UN CONTRAT SOCIAL DU XXIÈME SIÈCLE : Priorité 3

  • Remettre notre école au cœur de notre contrat social et en faire le premier levier de l’égalité des chances
  • Décentraliser le pilotage des établissements, pour remettre l’école au cœur du territoire et renforcer l’engagement des citoyens au service de leurs enfants
  • Créer dans les territoires un conseil d’évaluation des établissements scolaires, conseil regroupant toutes les composantes de la communauté éducative
  • Traiter la difficulté scolaire de manière personnalisée, au sein des établissements en utilisant des approches nouvelles portées par la société civile

 

  • Donner des chances égales à chacun de développer ses capacités et rendre aux personnes leur autonomie sociale et économique
  • Créer un système de protection simplifié et universel en remplacement de la mosaïque de régimes qui rend notre système coûteux et illisible
  • Ouvrir les conseils d’administration à la société civile aux côtés des partenaires sociaux
  • Ouvrir la perspective d’un Compte Personnel Universel pour que chacun puisse gérer sa sécurité sociale de manière autonome et responsable. Faire de ce CPU le levier d’une nouvelle approche en matière de justice sociale

 

* * *

LA PROTECTION DES FRANÇAIS : Priorité 4

  • Permettre aux habitants de nos territoires de vivre de manière paisible
  • Relocaliser la gouvernance des politiques de sécurité publique
  • Transformer les polices municipales en polices intercommunales et les doter des habilitations nécessaires pour élargir leur champ d’intervention
  • Étendre la procédure de contravention à l’ensemble des infractions qui troublent l’ordre public
  • Investir massivement, via des contrats à impact social, dans des programmes visant à diminuer le taux de récidive des primo-délinquants

 

  • Donner à notre justice des moyens conformes au rôle que nous lui attribuons dans notre société
  • Achever la refonte de la carte judiciaire
  • Transformer nos procédures de production des lois et simplifier les normes applicables
  • Augmenter les effectifs pour les ramener dans la moyenne européenne
  • Modifier le mode d’élection des magistrats au CSM et sur cette base, renforcer son rôle en matière de nomination des magistrats du Parquet

 

UN PROJET POUR RÉPONDRE AUX URGENCES DE NOTRE SIÈCLE

Il faut savoir affronter en face l’échec de ce que l’on nomme aujourd’hui « libéralisme » et reconnaître que le concept a été dévoyé. La rhétorique du libre marché a débouché dans de très nombreux secteurs sur la disparition de la concurrence et, à l’image des GAFA, à l’apparition de monopoles planétaires aussi puissants que les États eux-mêmes. Pratiqué au nom de la liberté des hommes, ce libéralisme d’un nouveau genre a exclu les plus faibles et les moins aisés de la propriété et a créé une armée de travailleurs précarisés et de chômeurs qui ne possèdent rien en propre, ne se voient offrir aucune perspective et n’ont rien à envier aux bataillons de prolétaires créés sous les régimes communistes.

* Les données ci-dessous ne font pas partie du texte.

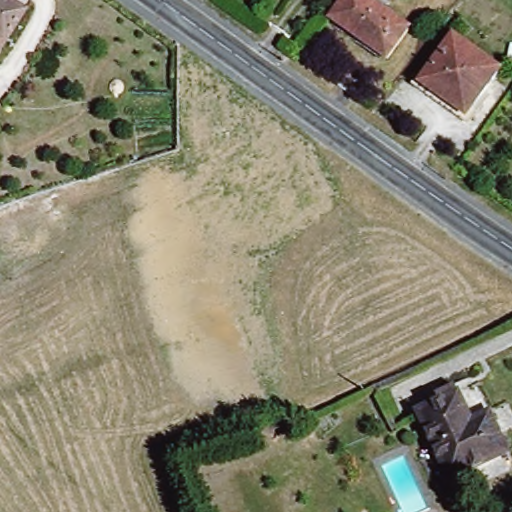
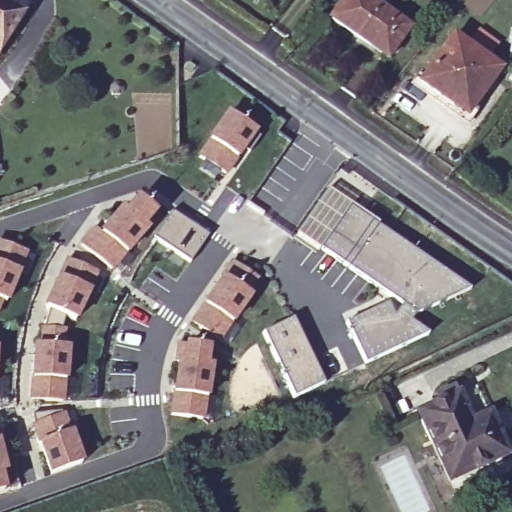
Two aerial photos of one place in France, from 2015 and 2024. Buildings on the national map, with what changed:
unchanged [(387,57),(331,16),(342,0),(371,0),(409,27),(387,57)]
unchanged [(0,51),(0,3),(21,16),(0,51)]
unchanged [(467,115),(420,81),(453,34),(501,68),(467,115)]
new [(207,142),(206,141),(225,115),(250,132),(249,134),(255,138),(244,154),(239,150),(232,160),(231,160),(220,175),(196,158),(207,142)]
new [(92,231),(99,236),(120,211),(124,214),(135,201),(151,215),(139,228),(143,232),(122,257),(121,256),(107,272),(79,248),(92,231)]
new [(345,208),(467,290),(412,316),(407,323),(426,335),(365,365),(316,250),(345,208)]
new [(167,213),(204,238),(187,263),(150,239),(167,213)]
new [(14,276),(15,277),(3,307),(0,306),(0,248),(22,257),(14,276)]
new [(65,263),(92,276),(85,294),(86,294),(72,324),(44,311),(65,263)]
new [(221,280),(219,279),(229,264),(252,280),(242,295),(247,298),(217,341),(191,324),(221,280)]
new [(290,320),(322,386),(295,399),(260,334),(290,320)]
new [(34,345),(38,345),(39,328),(61,328),(60,345),(65,347),(64,378),(63,378),(62,401),(32,400),(34,345)]
new [(177,364),(174,362),(177,345),(206,350),(204,367),(209,367),(201,421),(170,415),(177,364)]
unchanged [(450,480),(418,412),(437,403),(434,395),(453,386),(456,393),(459,392),(472,420),(490,412),(498,431),(508,453),(450,480)]
new [(60,418),(67,437),(69,436),(80,467),(50,477),(32,429),(60,418)]
new [(0,478),(0,465),(3,477),(0,478)]
new [(0,497),(0,487),(2,496),(0,497)]

Face à ce « libéralisme », notre État providence a aussi montré ses limites. En instaurant de trop fortes inégalités statutaires, il a progressivement transformé notre pays en une gigantesque mosaïque de castes à l’intérieur desquelles chacun défend ses « acquis sociaux », la plupart du temps au détriment de l’intérêt général. L’Etat, en devenant tentaculaire, a peu à peu mis en tutelle la société française tout entière et il s’est substitué à la naturelle solidarité entre les gens.

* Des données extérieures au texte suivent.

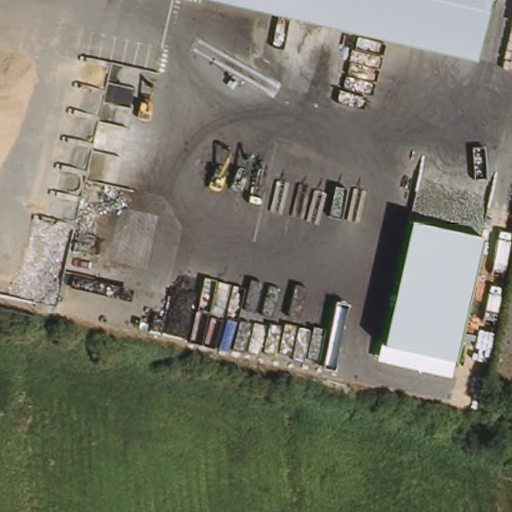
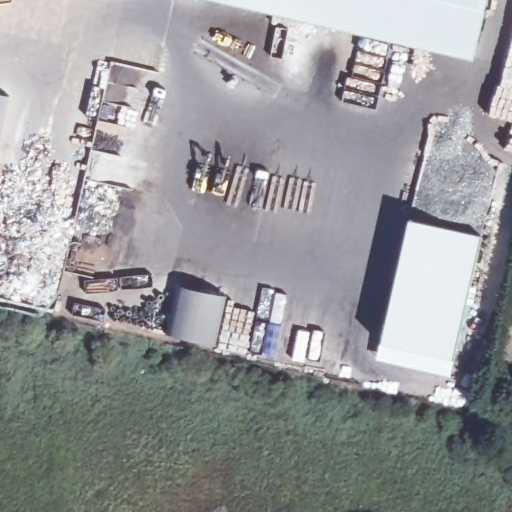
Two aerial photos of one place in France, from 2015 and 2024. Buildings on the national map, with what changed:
unchanged [(228,0),(277,0),(274,12),(228,0)]
unchanged [(277,0),(489,0),(474,63),(274,12),(277,0)]
new [(0,133),(0,95),(9,97),(0,133)]
unchanged [(404,228),(480,247),(452,370),(376,351),(404,228)]
new [(178,284),(227,294),(214,347),(166,334),(178,284)]

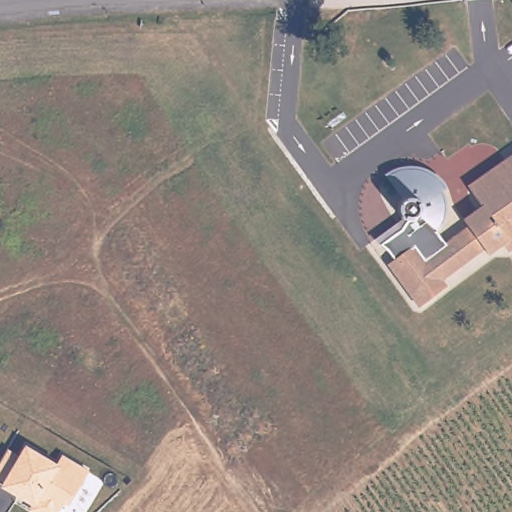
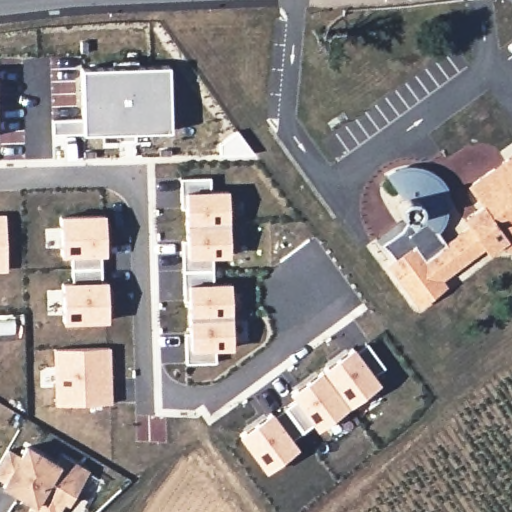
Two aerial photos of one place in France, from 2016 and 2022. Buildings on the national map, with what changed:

On ne peut donc que constater la convergence entre la vieille philosophie de l’Etat et la vieille philosophie du marché. L’Etatisme comme le marché ont atomisé la société et laissent les individus là où ils sont, soit en les assistant, soit en les abandonnant à leur sort, mais sans jamais leur offrir l’espérance d’accéder à une vie meilleure.

Il nous paraît clair que le moment est venu de penser différemment l’ordre des choses en prenant appui sur le potentiel que constitue la société civile. Nous devons promouvoir un nouvel acteur plus vivant que l’État et plus humain que le marché : la société elle-même.

Face aux mouvements puissants, profonds qui transforment notre monde, nous devons porter la vision d’une société réunifiée, qui promeut l’autonomie et dans laquelle les communautés civiles et citoyennes joueront un rôle majeur. Une société au sein de laquelle, loin de notre jacobinisme historique, l’Europe et les territoires redeviendront notre avenir. L’Europe parce que c’est là que se trouvent les clés de notre nouvelle influence dans le Monde ; les territoires parce que c’est là que s’inventent notre futur et notre MIEUX vivre.

NOS PRIORITÉS

LA GRANDE SOCIÉTÉ

Le grand objectif que doit poursuivre notre projet de réforme consiste à transformer radicalement le fonctionnement de la sphère publique en prenant appui sur le potentiel que constitue la société civile, tout en réduisant la dépendance des individus à l’État providence.

Faire renaître le collectif à partir du local

Nous voulons mettre en œuvre la reconstruction de notre pays à partir des territoires. C’est dans cette perspective que nous proposons de franchir une nouvelle étape de décentralisation dans différents domaines de l’action publique . Les règles du jeu seront changées pour donner plus de capacité d’initiative aux acteurs territoriaux, sociaux, citoyens.
Nos institutions et les processus électoraux seront transformés pour assurer la représentativité de la société dans toute sa diversité et permettre l’implication de tous dans l’action publique.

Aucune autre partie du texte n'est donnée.